→ Exercise prompt
Retype the entries exactly, but skip the pictures.

→ Stored entries
☆ ☆ ☆ ☆ ☆

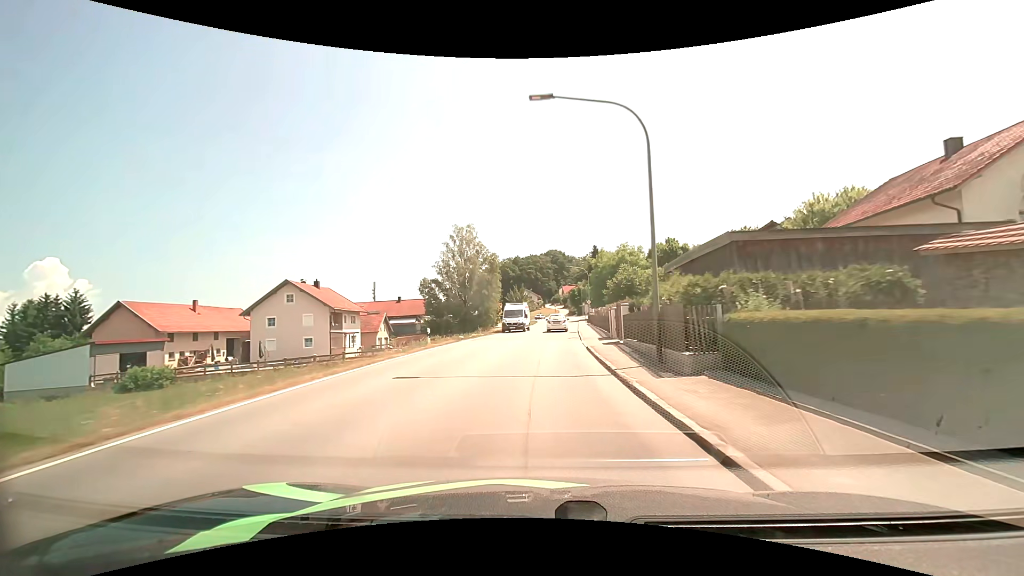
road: secondary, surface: asphalt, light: Day
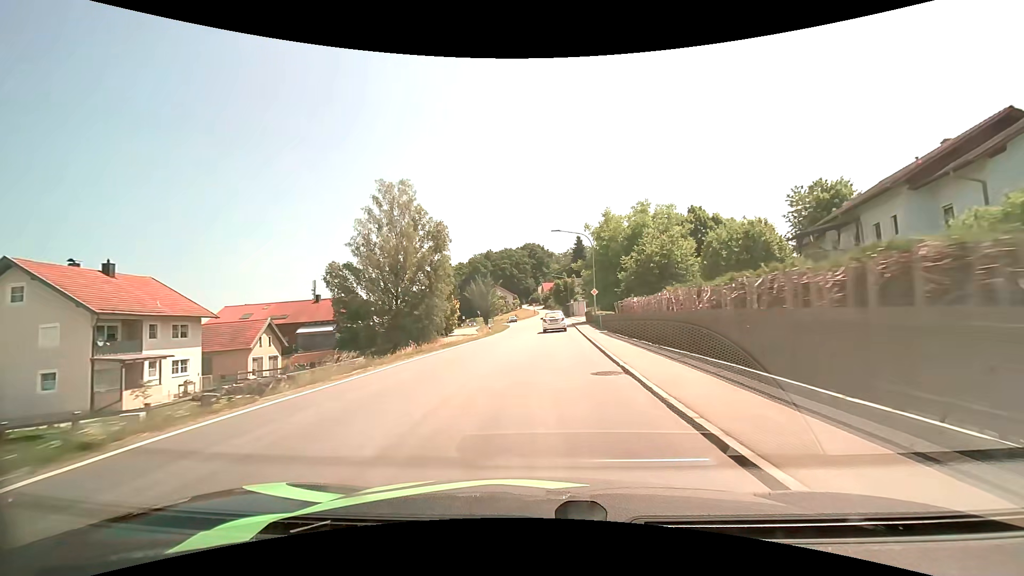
(+0.5, +28.6) m; +2°
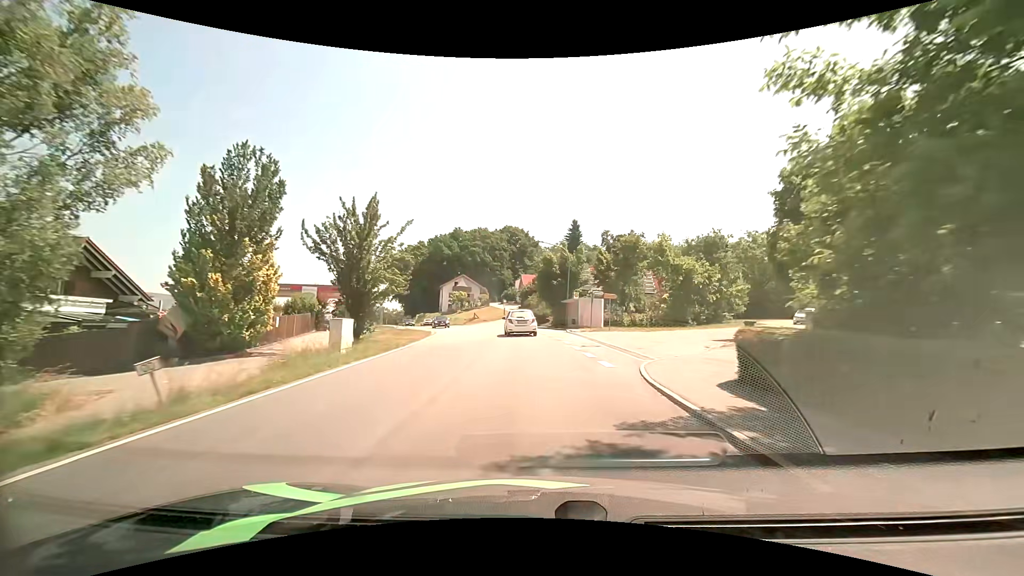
(+1.1, +43.5) m; +3°
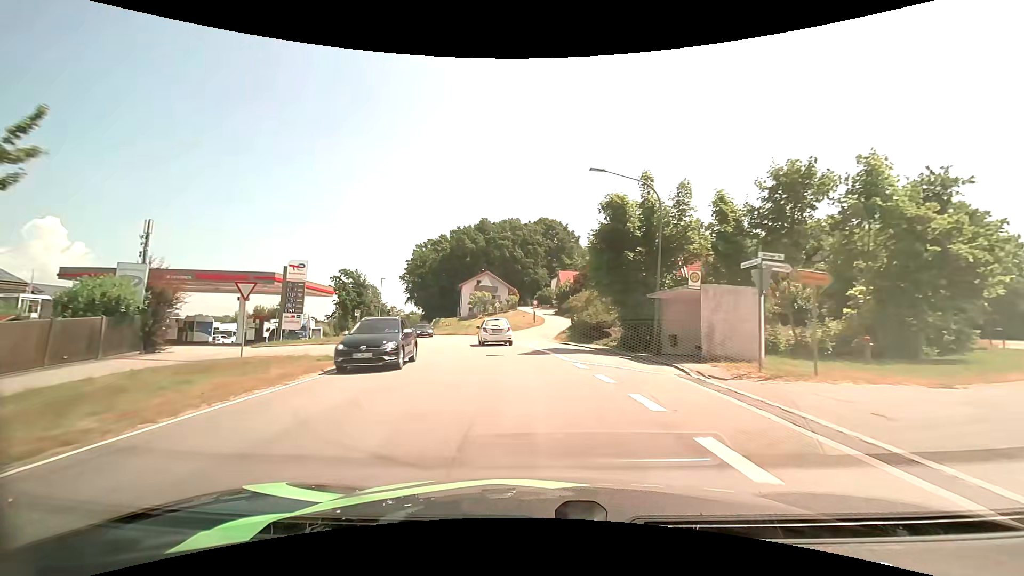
(-0.6, +22.9) m; -5°
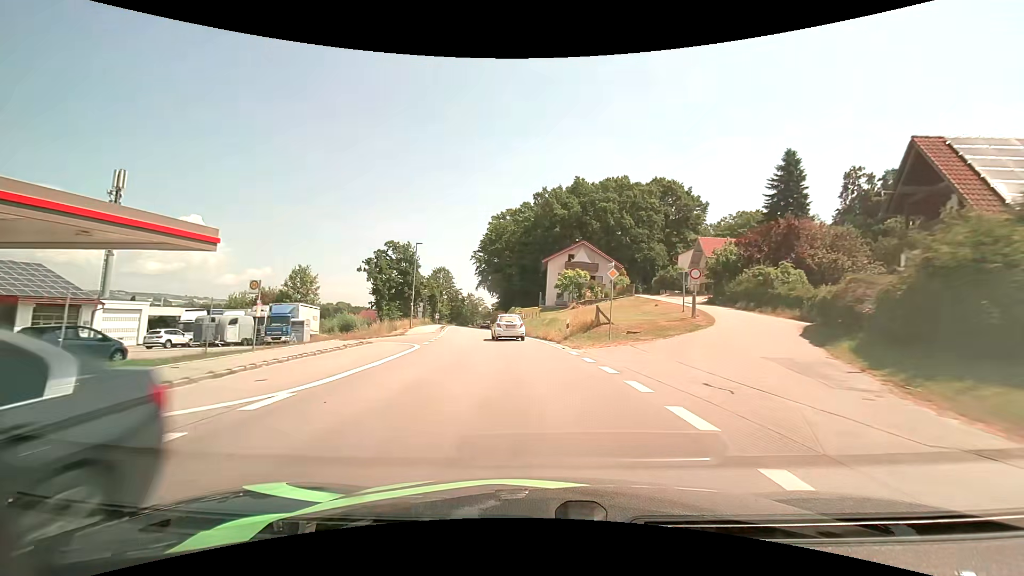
(-2.8, +30.0) m; -10°
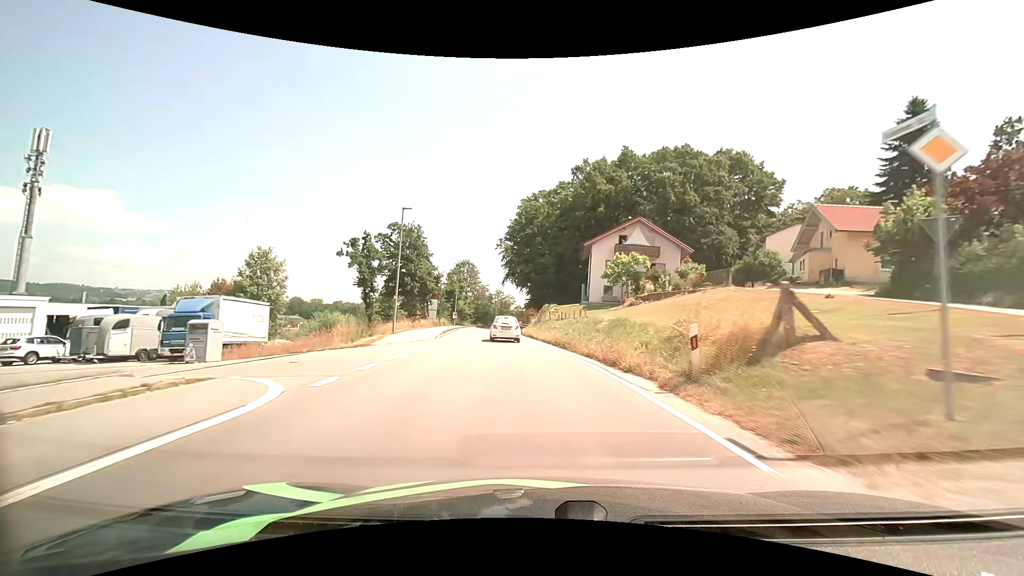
(-0.6, +16.2) m; -4°
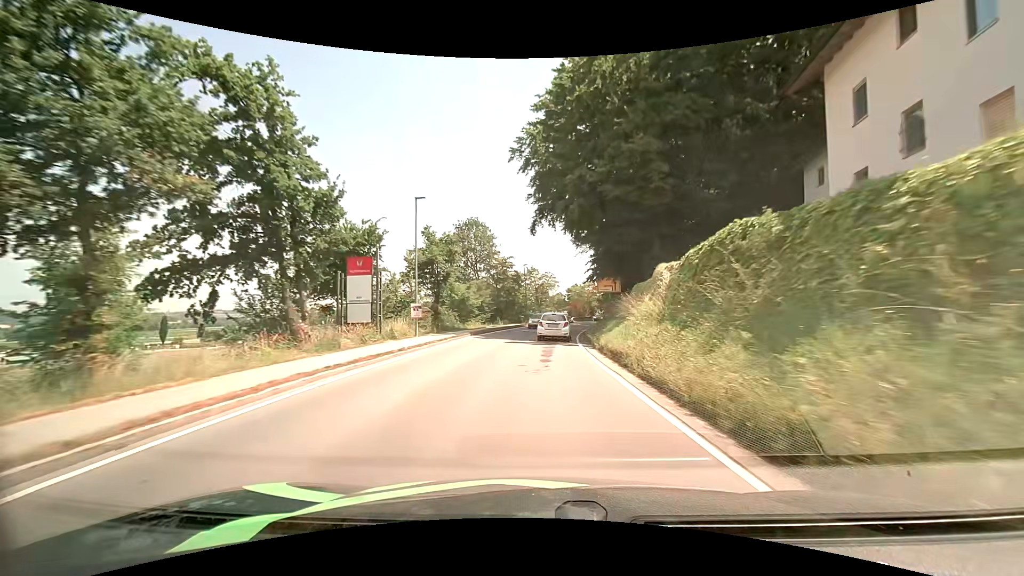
(-2.8, +45.0) m; -4°
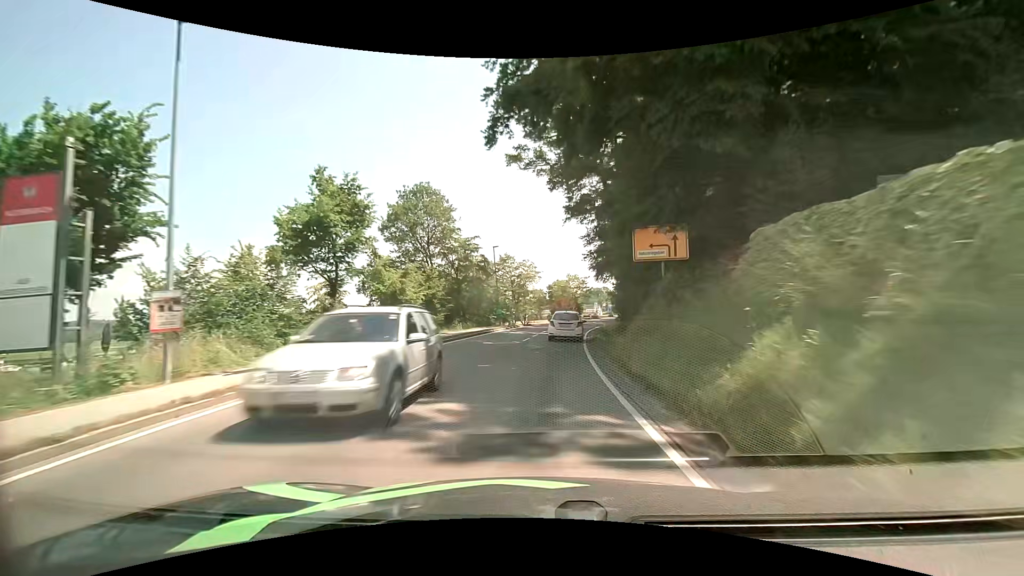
(+0.3, +18.0) m; +2°
(0, +10) (+1, +20) (+1, +30) (+3, +40) (+4, +50) (+6, +60) (+8, +69) (+10, +79) (+13, +89) (+15, +99) m
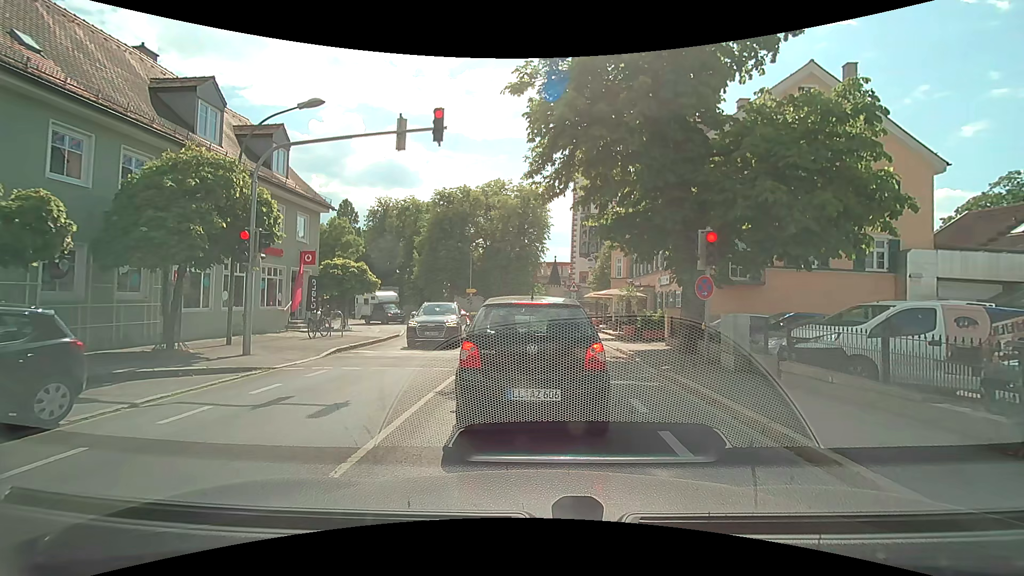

☆ ☆ ☆ ☆ ☆

→ Answer to this exercise
road: secondary, surface: asphalt, light: Day
(+0.5, +28.6) m; +2°
(+1.1, +43.5) m; +3°
(-0.6, +22.9) m; -5°
(-2.8, +30.0) m; -10°
(-0.6, +16.2) m; -4°
(-2.8, +45.0) m; -4°
(+0.3, +18.0) m; +2°
(0, +10) (+1, +20) (+1, +30) (+3, +40) (+4, +50) (+6, +60) (+8, +69) (+10, +79) (+13, +89) (+15, +99) m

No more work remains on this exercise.